MADE 2023 – Tilting at Windmills
I spent much of last week walking the floor of the MADE bicycle show in Portland, OR, drifting in and out of booths, running my eye over the best work of the best bike builders, and trying to understand what it all means. “What’s the coolest bike you’ve seen?” was a frequent question. “I don’t know. They’re all so cool,” I usually replied.
I had a five-hour flight home to think about what to tell you about this show and came up nearly empty, until I realized, at last, that the bikes, beautiful, startling and varied though they were, might have been so many red herring, working against the current. The thing about the show, about this niche of a niche of the bike business, is that the people are, for better and worse, my people.
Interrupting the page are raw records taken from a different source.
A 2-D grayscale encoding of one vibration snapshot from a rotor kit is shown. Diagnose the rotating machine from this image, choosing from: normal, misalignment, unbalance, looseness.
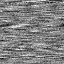
Answer: misalignment
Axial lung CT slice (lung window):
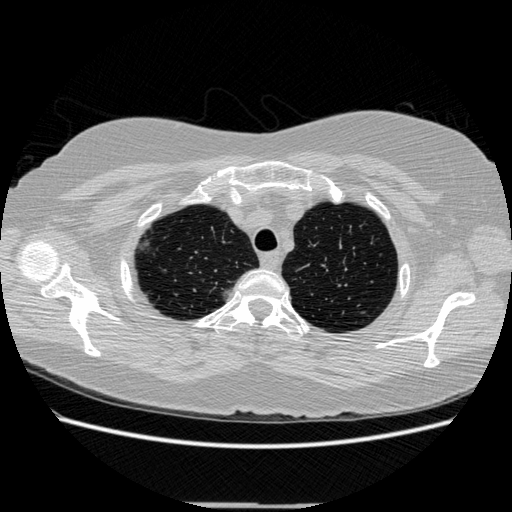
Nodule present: no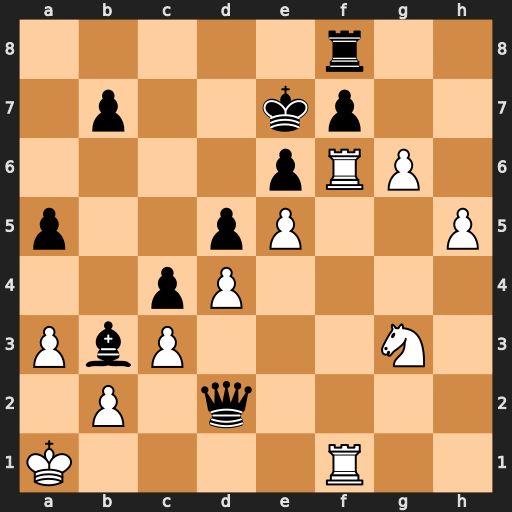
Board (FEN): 5r2/1p2kp2/4pRP1/p2pP2P/2pP4/PbP3N1/1P1q4/K4R2
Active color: w
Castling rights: -
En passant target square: -
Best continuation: g7 Bd1 Ne2 Bxe2 Rxe6+ Kxe6 gxf8=Q
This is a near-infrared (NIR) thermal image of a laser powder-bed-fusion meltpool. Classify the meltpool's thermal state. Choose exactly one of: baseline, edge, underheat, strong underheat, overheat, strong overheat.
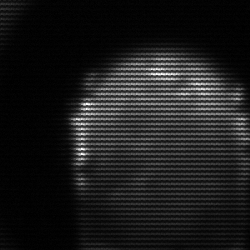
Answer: edge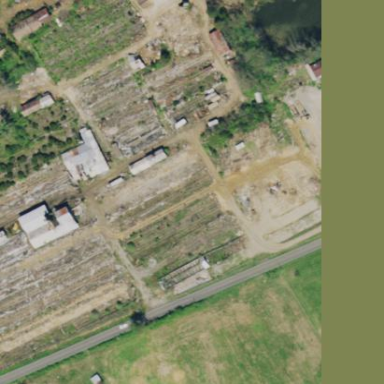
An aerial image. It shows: Brownfield site.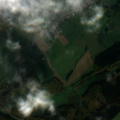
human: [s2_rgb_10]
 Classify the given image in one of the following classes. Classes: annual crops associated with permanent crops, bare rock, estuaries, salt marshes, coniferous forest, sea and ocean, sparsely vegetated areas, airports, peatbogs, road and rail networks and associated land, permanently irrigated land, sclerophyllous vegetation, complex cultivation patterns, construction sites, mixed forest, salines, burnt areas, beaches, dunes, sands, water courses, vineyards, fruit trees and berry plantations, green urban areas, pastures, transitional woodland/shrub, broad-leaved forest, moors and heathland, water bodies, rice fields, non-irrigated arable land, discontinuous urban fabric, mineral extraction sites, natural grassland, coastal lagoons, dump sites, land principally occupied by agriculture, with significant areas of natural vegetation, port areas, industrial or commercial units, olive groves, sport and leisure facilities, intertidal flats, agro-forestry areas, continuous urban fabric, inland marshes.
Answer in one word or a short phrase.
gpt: non-irrigated arable land, complex cultivation patterns, mixed forest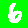
Digit: 6
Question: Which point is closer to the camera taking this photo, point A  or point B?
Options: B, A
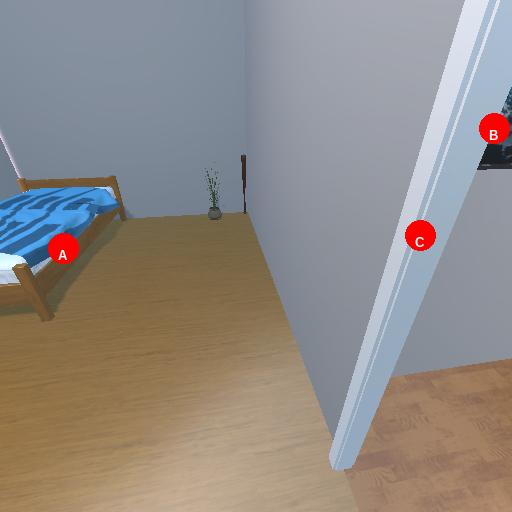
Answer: B

There in the partial darkness of the rambling, old warehouse at the Zidell Yards, perched on the banks of the Willamette River, everyone sweating in the late summer funk, gathered a group of strange individuals, irreverent, creative, profane, romantic and driven, who do what they do despite its poor commercial prospects and obscurity to the everyday horde of bike riders.
Nao Tomii, who is somehow not well-known even among bike nerds, is possibly the most underrated builder currently plying his trade in the United States, and yet he strode the show floor beaming beatifically and having a fine time. B Vivit stood in her Hot Salad booth administering hugs and smiles to her many friends, and when asked about her own bikes, deferred her interlocutors to Ashely at Significant Other Bikes, just across the way. “Her bikes are amazing. You should check them out,” she said.
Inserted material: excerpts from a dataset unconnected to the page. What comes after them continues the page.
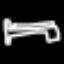
Label: bed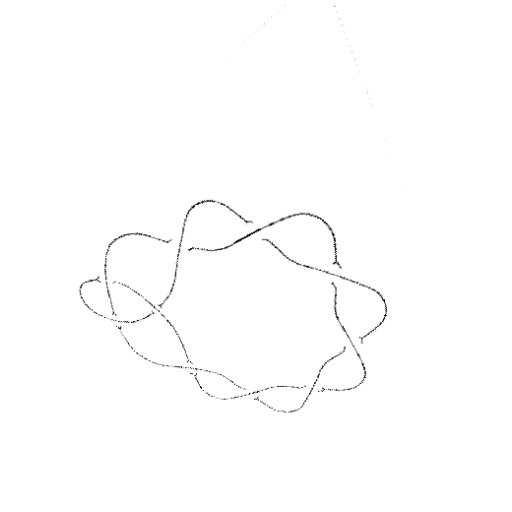
Crossing number: 10
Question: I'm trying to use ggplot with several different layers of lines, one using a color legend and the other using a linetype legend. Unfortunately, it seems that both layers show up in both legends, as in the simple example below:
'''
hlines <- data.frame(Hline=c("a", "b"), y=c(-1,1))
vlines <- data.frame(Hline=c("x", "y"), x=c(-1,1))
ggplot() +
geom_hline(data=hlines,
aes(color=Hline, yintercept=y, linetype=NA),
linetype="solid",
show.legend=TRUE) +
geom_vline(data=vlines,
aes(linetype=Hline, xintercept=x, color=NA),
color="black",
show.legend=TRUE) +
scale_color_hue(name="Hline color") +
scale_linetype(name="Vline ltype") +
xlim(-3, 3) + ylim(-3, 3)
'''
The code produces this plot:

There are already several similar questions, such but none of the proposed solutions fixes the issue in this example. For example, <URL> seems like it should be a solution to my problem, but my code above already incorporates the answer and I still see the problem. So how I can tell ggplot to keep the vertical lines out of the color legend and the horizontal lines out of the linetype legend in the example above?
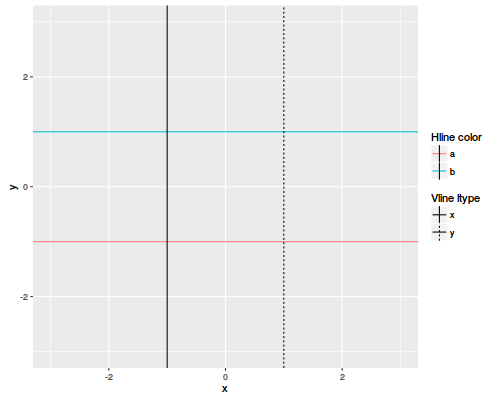
Answer: All you need is
'''
ggplot() +
geom_hline(data = hlines,
aes(color = Hline, yintercept = y)) +
geom_vline(data = vlines,
aes(linetype = Hline, xintercept = x)) +
scale_color_hue(name = "Hline color") +
scale_linetype(name = "Vline ltype") +
xlim(-3, 3) + ylim(-3, 3)
'''
<URL>
'ggplot2' takes its legend specifications from whatever is in 'aes'. If it's outside 'aes' but in the 'geom_*' function, it will get plotted, but not put in the legend.
If you specify 'show.legend = TRUE', it will override that behavior and plot a legend for everything; you actually want 'show.legend = NA', which is the default.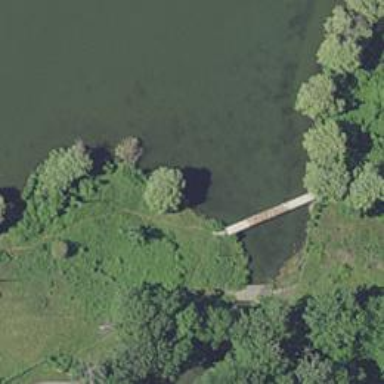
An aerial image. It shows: Covered footway bridge.
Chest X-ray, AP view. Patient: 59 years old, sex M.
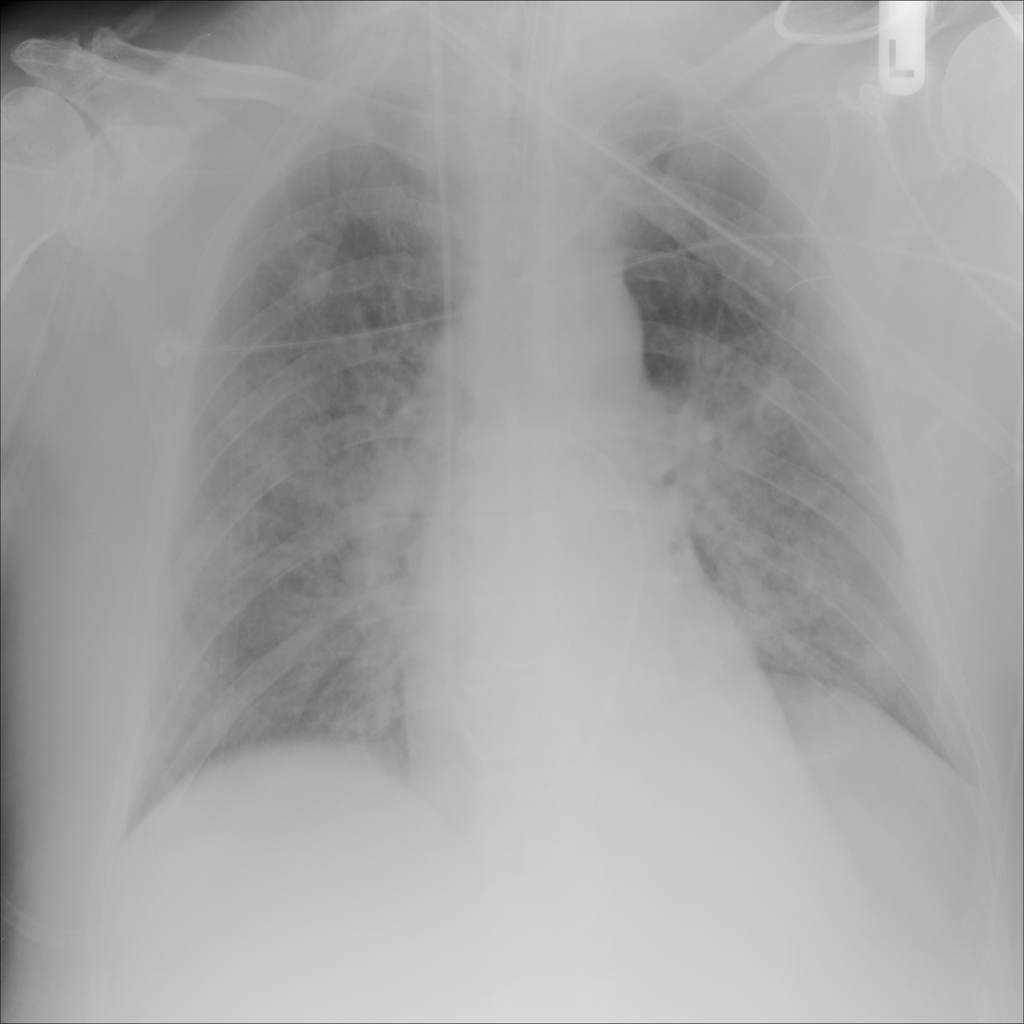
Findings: Edema, Pneumonia

We are, all of us there, just tilting at windmills, fighting against homogeneity, against cliche, against practicality, against the crushing force of global capitalism.
The industry churns like an ocean, spitting these small builders up on the shore. Decisions get made on high, at the big companies, in California, in Japan, in Europe, bike shops shifting in the currents and tides. And this lot sits in their garages or barns or cheap commercial spaces with brazing torches and TIG-welders, trying to eke out a living.
There was so much to see at MADE 2023. Without much work you can find the explicit bicycle pornography I saw in the dim light of the Portland summer. It’s worth looking at, poring over, trying to understand. I really wish, though, that you could meet this rag-tag bunch of weirdos. They’re fun. They’re inspiring. And, they love bicycles in a way that you and I think we do, but realize, when confronted by their work, that we’ve only just got a crush, that we’re still just absolute beginners.